From reading the serial stupidities of Tom Friedman (a confirmed member of the "Puritans without God" religion Mead mentions below) I've gotten pretty skeptical of these "link things to technological progress" think-pieces.
But this passage rang true.
The dominant tone among American intellectuals – Puritans without God by and large – is as deterministically Calvinist as any New England divine would have wished. The New England Calvinists believed that everything that happened had been planned and predestined by God from eternity. Late nineteenth and early twentieth century American progressive intellectuals threw God under the bus, but kept the machine. The universe is a closed system, every effect is related logically and inevitably to a cause, and with a sufficient amount of knowledge and enough computing power, the future of anything can be predicted. To this they grafted American optimism: the belief based on our national historical experience that things get better over time.
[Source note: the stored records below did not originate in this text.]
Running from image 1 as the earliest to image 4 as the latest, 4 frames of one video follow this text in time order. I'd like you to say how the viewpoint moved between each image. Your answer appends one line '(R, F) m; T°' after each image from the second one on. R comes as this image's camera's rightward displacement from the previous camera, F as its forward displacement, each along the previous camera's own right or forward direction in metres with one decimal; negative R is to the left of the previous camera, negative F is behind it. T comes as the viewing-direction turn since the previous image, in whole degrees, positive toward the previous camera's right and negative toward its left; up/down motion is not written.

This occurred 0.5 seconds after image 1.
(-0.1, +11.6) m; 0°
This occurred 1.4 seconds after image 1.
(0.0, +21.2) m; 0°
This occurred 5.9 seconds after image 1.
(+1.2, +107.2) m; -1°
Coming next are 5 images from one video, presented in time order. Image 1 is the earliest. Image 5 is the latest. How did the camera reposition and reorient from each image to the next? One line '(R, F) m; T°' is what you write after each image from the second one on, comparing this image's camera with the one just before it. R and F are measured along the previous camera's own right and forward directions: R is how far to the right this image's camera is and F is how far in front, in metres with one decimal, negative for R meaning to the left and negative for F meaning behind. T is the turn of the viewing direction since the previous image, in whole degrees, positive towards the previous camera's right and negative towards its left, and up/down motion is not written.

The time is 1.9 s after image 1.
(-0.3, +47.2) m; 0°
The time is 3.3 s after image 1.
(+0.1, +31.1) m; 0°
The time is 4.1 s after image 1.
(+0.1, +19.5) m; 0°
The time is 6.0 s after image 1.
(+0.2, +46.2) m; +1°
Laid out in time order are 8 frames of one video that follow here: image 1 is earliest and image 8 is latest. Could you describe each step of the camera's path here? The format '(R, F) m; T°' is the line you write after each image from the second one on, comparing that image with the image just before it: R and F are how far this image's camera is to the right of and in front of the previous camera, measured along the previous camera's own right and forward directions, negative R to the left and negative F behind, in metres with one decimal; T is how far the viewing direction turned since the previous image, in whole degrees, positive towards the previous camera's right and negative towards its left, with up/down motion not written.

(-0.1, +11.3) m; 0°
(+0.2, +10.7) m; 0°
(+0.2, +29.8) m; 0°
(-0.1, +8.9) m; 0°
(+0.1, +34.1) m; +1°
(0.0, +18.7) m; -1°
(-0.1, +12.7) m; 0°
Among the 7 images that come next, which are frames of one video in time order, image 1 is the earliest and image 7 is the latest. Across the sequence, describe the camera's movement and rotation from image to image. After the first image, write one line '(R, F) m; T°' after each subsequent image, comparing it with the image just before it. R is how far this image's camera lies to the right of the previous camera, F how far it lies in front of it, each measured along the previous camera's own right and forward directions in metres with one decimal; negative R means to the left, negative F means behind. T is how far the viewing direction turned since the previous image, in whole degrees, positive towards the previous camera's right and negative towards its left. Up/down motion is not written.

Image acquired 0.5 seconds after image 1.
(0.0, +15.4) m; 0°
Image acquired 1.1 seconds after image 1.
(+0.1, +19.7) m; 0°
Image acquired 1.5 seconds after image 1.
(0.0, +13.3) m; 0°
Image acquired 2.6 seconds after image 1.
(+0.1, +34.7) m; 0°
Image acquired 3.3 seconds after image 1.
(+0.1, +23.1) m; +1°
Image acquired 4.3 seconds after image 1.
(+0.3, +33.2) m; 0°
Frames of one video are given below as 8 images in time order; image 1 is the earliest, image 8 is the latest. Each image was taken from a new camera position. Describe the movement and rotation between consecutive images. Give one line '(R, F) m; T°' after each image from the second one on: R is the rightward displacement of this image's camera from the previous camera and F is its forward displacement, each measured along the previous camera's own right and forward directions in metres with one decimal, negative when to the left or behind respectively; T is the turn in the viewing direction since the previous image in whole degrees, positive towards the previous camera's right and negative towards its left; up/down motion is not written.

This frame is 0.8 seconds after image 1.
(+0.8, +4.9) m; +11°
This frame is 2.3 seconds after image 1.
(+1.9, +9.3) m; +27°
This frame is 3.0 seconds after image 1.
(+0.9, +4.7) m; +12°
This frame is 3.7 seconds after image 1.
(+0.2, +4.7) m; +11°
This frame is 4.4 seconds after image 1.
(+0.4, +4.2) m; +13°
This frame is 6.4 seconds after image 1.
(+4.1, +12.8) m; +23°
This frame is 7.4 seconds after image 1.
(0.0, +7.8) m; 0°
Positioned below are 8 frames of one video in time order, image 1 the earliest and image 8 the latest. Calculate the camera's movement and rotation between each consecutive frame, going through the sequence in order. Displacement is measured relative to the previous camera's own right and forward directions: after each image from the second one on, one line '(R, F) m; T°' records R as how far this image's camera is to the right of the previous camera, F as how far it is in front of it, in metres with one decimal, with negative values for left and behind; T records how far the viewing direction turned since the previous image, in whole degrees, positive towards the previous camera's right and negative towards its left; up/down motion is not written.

They called the results “social science.”
The left strains to find a parallel in this to Islamist massacres. They'd like to do so, as it's always been a wonderful two-fer for them: Such a parallel permits them to ignore the fact that Islamism really is different, and continue parroting their multi-culti bromides; and, even more importantly, it gins up the necessary hate against their political rivals on the (non-murderous, non-crazed) right.
But Brevik's manifesto was the document of one man, not millions; no government (which is ultimately the expression of the people's mores and beliefs) enabled him and set him out to butcher innocents; no well-connected spy agency, acting at the behest of public officials, armed and trained him and gave him maps and uniforms.
In Pakistan, the Taliban are slaughtering Pakistani police and this is considered not a crime but a political struggle between the Islamists and the less-crazed moderates. Cops are murdered with the blessing of a substantial fraction of the population -- one third, perhaps, maybe one half.
This could not go on in any society in which an overwhelming majority rejected murder as an instrument of political expression. Such outrages can only happen when the "issue" of Is murder wrong? remains an open and hotly-debated point.
Brevik will get the maximum sentence in Norway (a pitifully short time, I've read, but that's what Norway has chosen). There will be the occasional lunatics that make a folk hero out of him, as confirmed leftist novelist Gore Vidal made of Timothy McVeigh, but 99.99% of Norway will wish him to hell, and not proclaim him a prophet of heaven.
But even so the right will be charged with a crime committed by a sociopath.